Pleasance, the feeling of feeling pleased

I want to return to a notion I touched upon last week - the archaic word, 'pleasance'. Google Ngram viewer reveals that 'pleasance' had its heyday in Tudor times, fading away before returning to more modest usage from the late 17th century until the end of the 19th century. Shakespeare uses the word but twice, once in a love poem, and once in Othello. As I type the word, Blogger helpfully underlines it in red, suggesting 'pleasant' instead.

Wiktionary gives: (Obsolete) The feeling of being pleased. [14th-19th c.] 

It is not so much feeling 'pleasured', but the experience of feeling pleased.

Note the passive voice. It's something that happens to you, not something you do ('I go out and enjoy').

It is momentary feeling of mild euphoria. It feels familiar; it brings back pleasant associations. It comes on quickly and passes quickly - but you notice it; it lifts your spirits. It is very much a qualia thing - a subjective conscious experience. I try to identify it, pin it down. An effect - so it must have a cause.

I had one on Sunday morning in the kitchen, stirring a home-made lentil and spinach curry and rice as I finished my coffee. And another one while eating it later on the działka, that feeling of feeling replete. This makes me wonder whether these particular qualia (individual instances of subjective, conscious experience) are endogenous (hormones released upon feeling sated by food) or exogenous (the ingestion of a stimulant).

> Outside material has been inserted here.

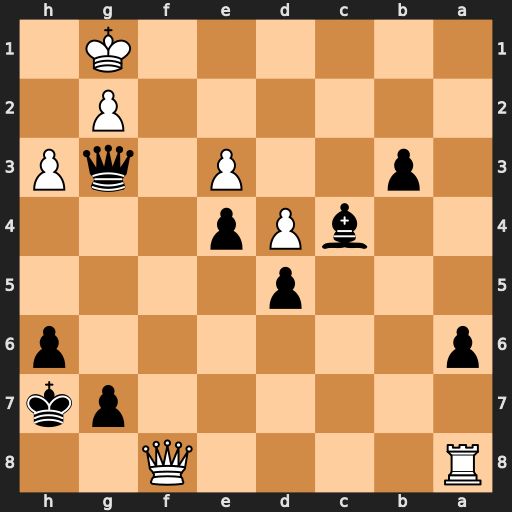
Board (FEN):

But moments of pleasance can just happen, untriggered, unbidden, and these are the ones I want to focus on, as they appear utterly random, without obvious causation. Pleasance always accompanies those Wordsworthian flashbacks - whether from this life or elsewhere. My flashbacks are never anything other than pleasant and familiar. This is, I believe, significant - I don't have unpleasant ones that feel unfamiliar.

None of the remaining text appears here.